Nigel set out slowly to circle the pond. "Ah them. They hit bull's eye. Each one of them, right?" His hands folded behind his back, he winked at Matis from the cover of some bushed that dipped their leaves into the water. "It's a true gift of those who ride by night. Once given magic as a gift, we steal the wits away with it."
So, Nigel was a witch, and his magic had been a gift. Matis would love to hear by whom and why, but indicating that he didn't know would be a sign of weakness. "You repay a good gift with evil mind."
"The oak must have what it shaves from another. In such things, it's each for himself." Nigel vanished from the path along the pond, where he'd been walking, and reappeared in front of Matis the next second. "I thought that was your motto. Isn't that what you did when you ran? Repeatedly? Isn't that why you disturb a perfectly brilliant spring night with your one-man show?"
"Careful," Matis warned, holding his ground. "One blow with my hammer and you cry louder than a wolf in sight of the moon."
Unfazed Nigel seized Matis' hand. First Matis thought that he would go for the whisky after all. But Nigel knotted three woolen bracelets around his wrist, each barely more than three twisted strings. "Your Justin has a lover at home. As we speak. One you know. One you suspect. One who gave us the gift of magic. It's him that you should focus on, not me."
Matis pushed the man off him. "You witless lout, I say you lie. You only say what you think will hurt me most."

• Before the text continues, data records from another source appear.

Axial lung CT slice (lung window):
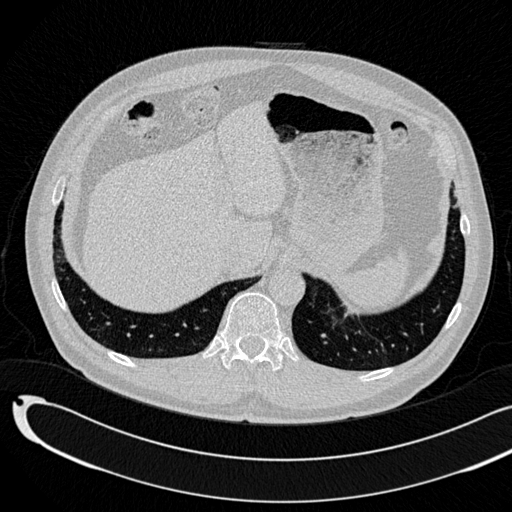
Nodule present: no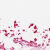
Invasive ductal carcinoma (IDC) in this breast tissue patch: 0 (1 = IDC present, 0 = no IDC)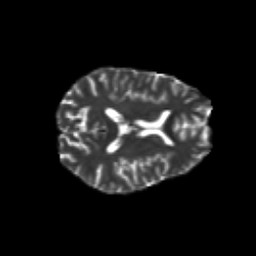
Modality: T2w
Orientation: axial
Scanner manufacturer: siemens
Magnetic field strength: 3 T
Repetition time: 6.8 s
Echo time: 0.093 s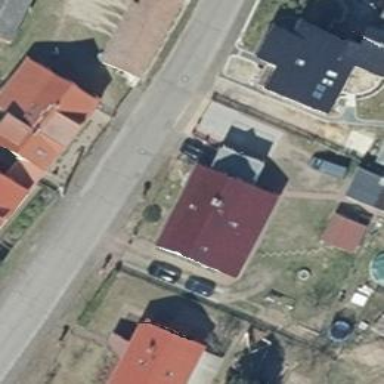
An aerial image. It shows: House with gabled roof oriented along the building.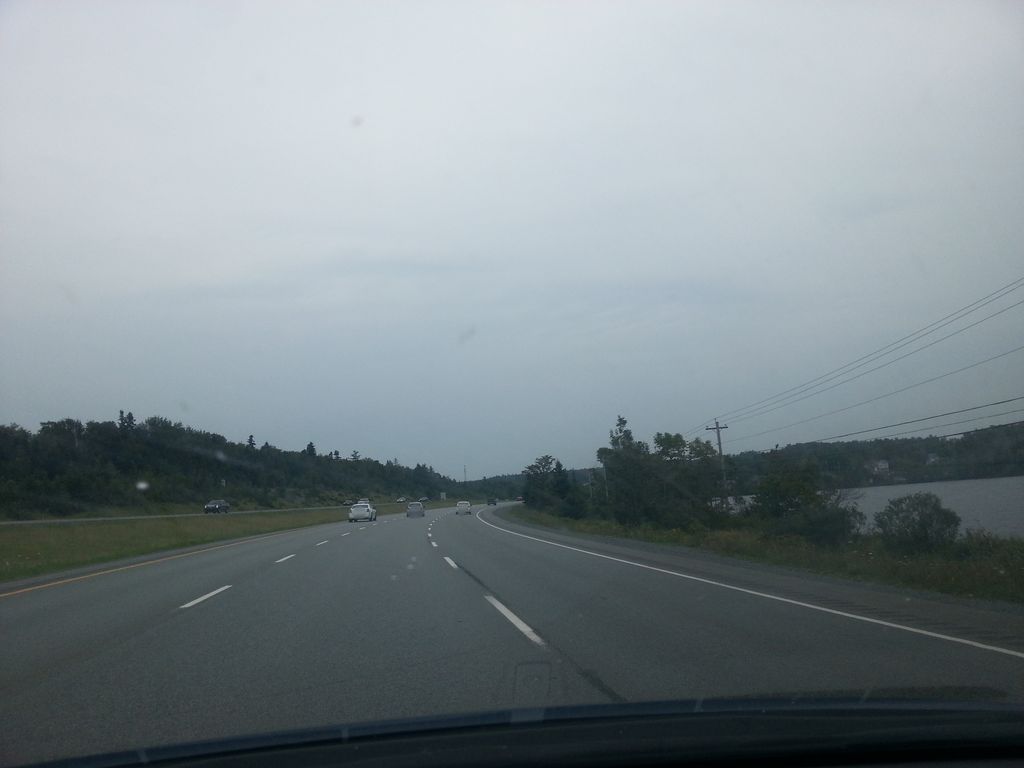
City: halifax
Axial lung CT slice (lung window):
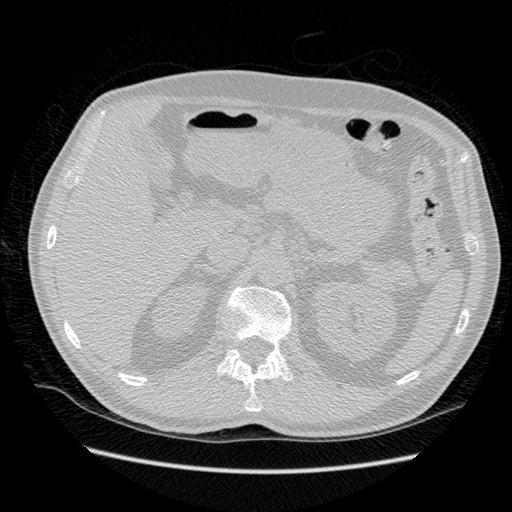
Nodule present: no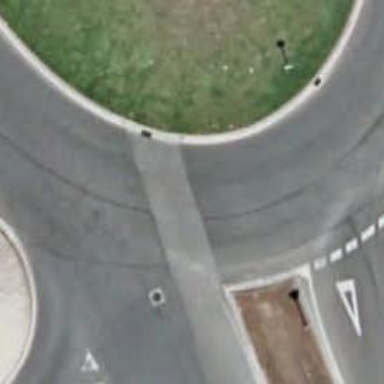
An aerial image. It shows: Tertiary road made of asphalt leading to roundabout junction.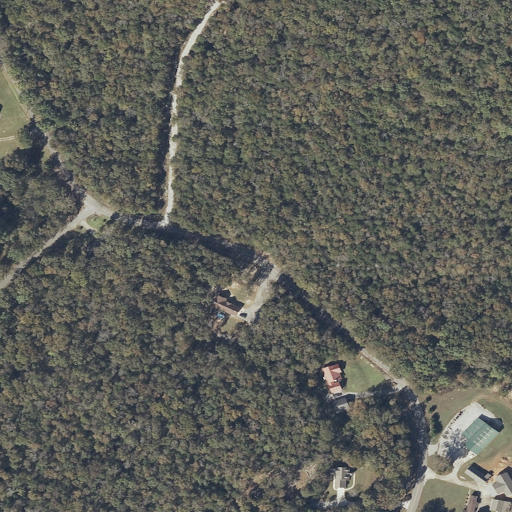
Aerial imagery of gap in Alabama named Low Gap containing deciduous forest, mixed forest, open development, pasture, low intensity development, shrub, evergreen forest, and grassland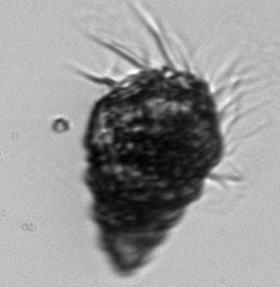
Label: Laboea_strobila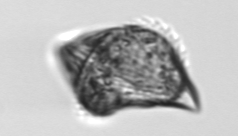
Label: Gyrodinium
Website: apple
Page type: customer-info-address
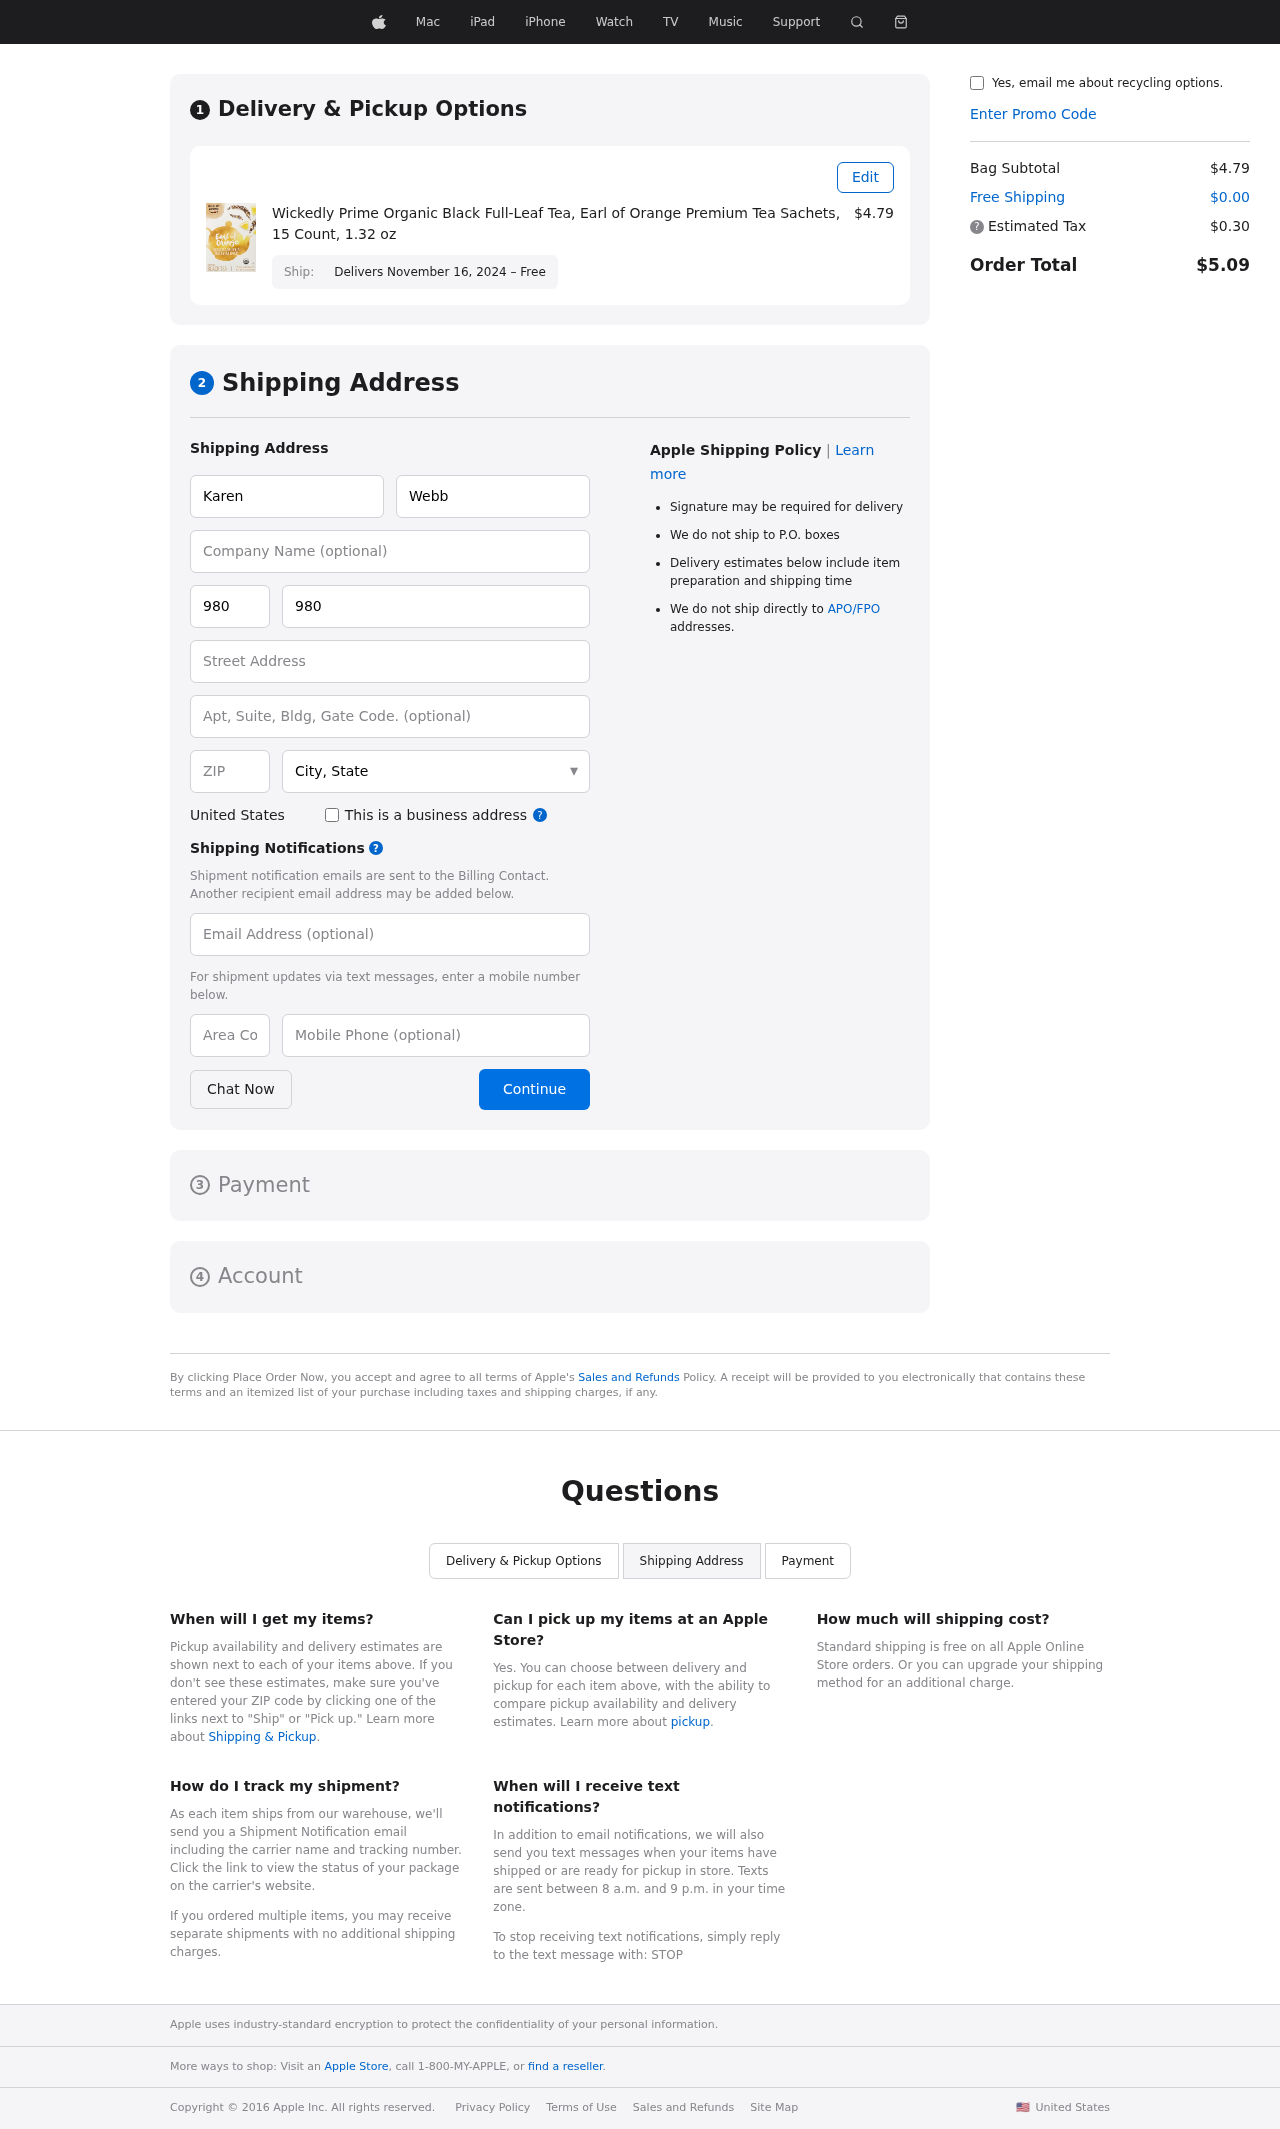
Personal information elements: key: PII_CITY_STATE
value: Adamsmouth, CA
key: PII_COUNTRY
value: United States
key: PII_EMAIL
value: karenwebb@hotmail.com
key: PII_FIRSTNAME
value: Karen
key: PII_LASTNAME
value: Webb
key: PII_PHONE
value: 9804646882
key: PII_PHONE_ALT
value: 8394718851
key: PII_PHONE_ALT_AREA
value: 839
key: PII_PHONE_AREA
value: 980
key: PII_POSTCODE
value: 26861
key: PII_STREET
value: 598 Mark Fork Suite 601
Product elements: key: PRODUCT1_NAME
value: Wickedly Prime Organic Black Full-Leaf Tea, Earl of Orange Premium Tea Sachets, 15 Count, 1.32 oz
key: PRODUCT1_PRICE
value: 4.79
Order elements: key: ORDER_DELIVERY_DATE
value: Delivers November 16, 2024 – Free
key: ORDER_SUBTOTAL
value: $4.79
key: ORDER_SHIPPING_COST
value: $0.00
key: ORDER_TAX
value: $0.30
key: ORDER_TOTAL
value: $5.09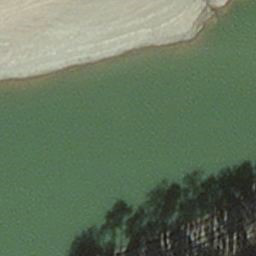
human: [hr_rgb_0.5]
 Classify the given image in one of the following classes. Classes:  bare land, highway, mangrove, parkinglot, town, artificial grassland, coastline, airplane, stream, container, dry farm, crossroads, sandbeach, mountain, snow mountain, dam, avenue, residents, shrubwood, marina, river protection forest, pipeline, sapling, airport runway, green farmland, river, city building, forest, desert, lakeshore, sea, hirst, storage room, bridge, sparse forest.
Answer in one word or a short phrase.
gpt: hirst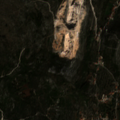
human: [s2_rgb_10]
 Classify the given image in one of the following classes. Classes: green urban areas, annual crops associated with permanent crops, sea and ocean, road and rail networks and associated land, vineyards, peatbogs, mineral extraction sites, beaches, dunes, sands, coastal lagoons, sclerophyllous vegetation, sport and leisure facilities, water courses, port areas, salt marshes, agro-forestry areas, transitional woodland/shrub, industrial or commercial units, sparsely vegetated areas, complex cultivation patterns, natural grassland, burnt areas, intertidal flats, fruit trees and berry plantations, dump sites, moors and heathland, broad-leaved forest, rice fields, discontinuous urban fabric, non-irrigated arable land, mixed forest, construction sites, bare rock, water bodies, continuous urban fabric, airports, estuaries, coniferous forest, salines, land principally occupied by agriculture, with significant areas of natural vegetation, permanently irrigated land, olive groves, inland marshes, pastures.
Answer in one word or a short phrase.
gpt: mineral extraction sites, olive groves, land principally occupied by agriculture, with significant areas of natural vegetation, sclerophyllous vegetation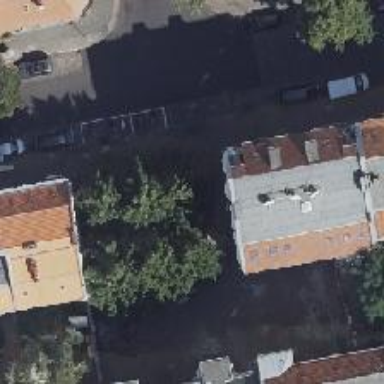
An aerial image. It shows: Apartments building with saltbox roof shape.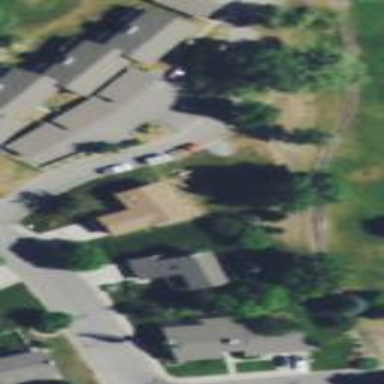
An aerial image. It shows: Residential area with golf out of bounds zone.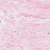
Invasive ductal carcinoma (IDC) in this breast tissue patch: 0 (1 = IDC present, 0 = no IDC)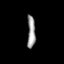
Tissue: lung
Cell type: Endothelial cells
Senescence score: 0.5495
Nuclear area (px): 255
Mean DAPI intensity: 154.675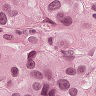
Metastatic tissue present: yes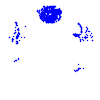
Particle: proton
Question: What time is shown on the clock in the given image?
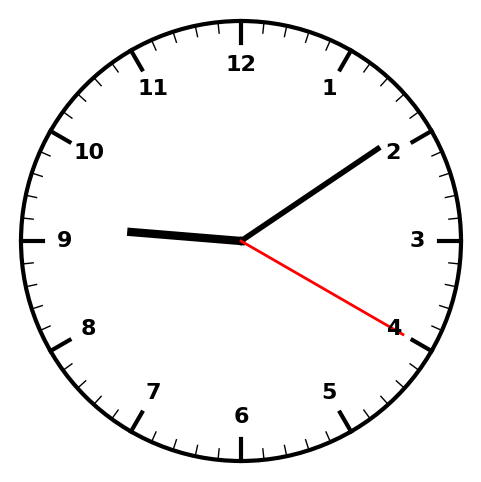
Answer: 09:09:20
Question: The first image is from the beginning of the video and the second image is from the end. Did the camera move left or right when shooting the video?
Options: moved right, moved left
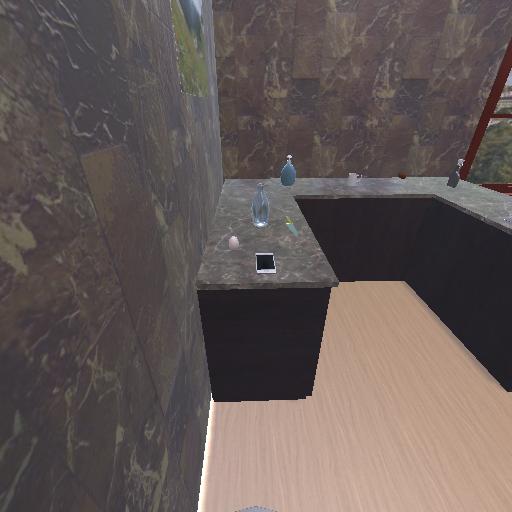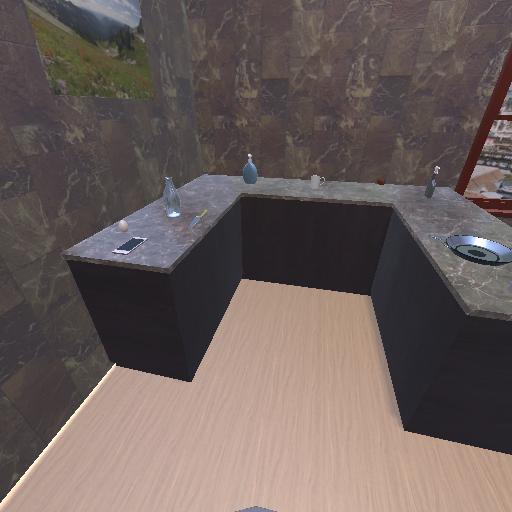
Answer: moved right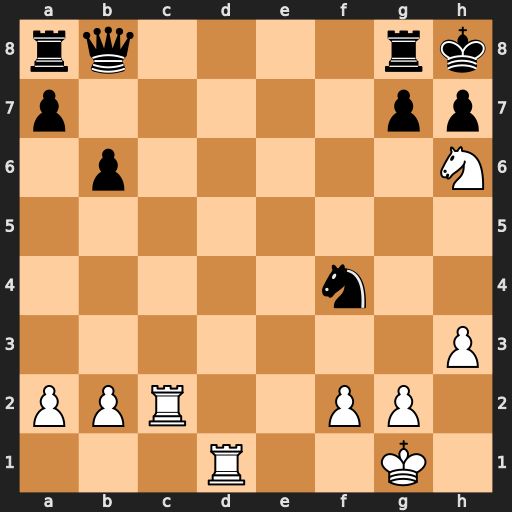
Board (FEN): rq4rk/p5pp/1p5N/8/5n2/7P/PPR2PP1/3R2K1
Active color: w
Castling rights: -
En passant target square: -
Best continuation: Nf7#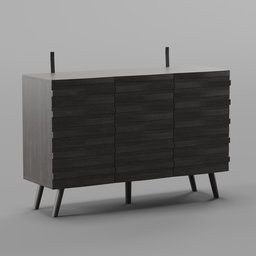
Label: furniture

"I speak out what you know to be true deep inside you, am I not?" Nigel whispered into Matis' ear. Matis breathed hard. He shook all over, but any reply died in his mouth. Waiting, Nigel scanned their surroundings from his new position with a finger tapping his chin. He suddenly jumped as if remembering something important. "Why aren't you on your way yet?"
Matis stabbed at Nigel with his finger. "Because you jerk, you have held me here for so long with your vile talk."
"What's that now?" Nigel stemmed his hands into his sides. "I've never believed that a mighty prince, strongest of the Immortals, leader of the Wild Hunt and what not could ever be - what shall I call it? - influenced, manipulated, deployed, thwarted by a lowly witch."
A lightning bolt cracked as Matis fists closed at his sides. The rain increased. "Show me the way now, before I do something exceptionally stupid to a lowly witch."
"A while to the stock, and a while to the stone; then the road to thy left, till you reach where the toad meets the biting midge – and voila, the Rainbow Bridge," Nigel soughed.
Groaning, Matis waved him off as he turned and stalked away. "No whisky for you, nutter. I don't think you need any." His free hand roamed to the bracelets to rip them off. He stopped before they snapped, needing them as a reminder for later that he hadn't made up the conversation. Instead, more lightning flashed over London and rain set in again.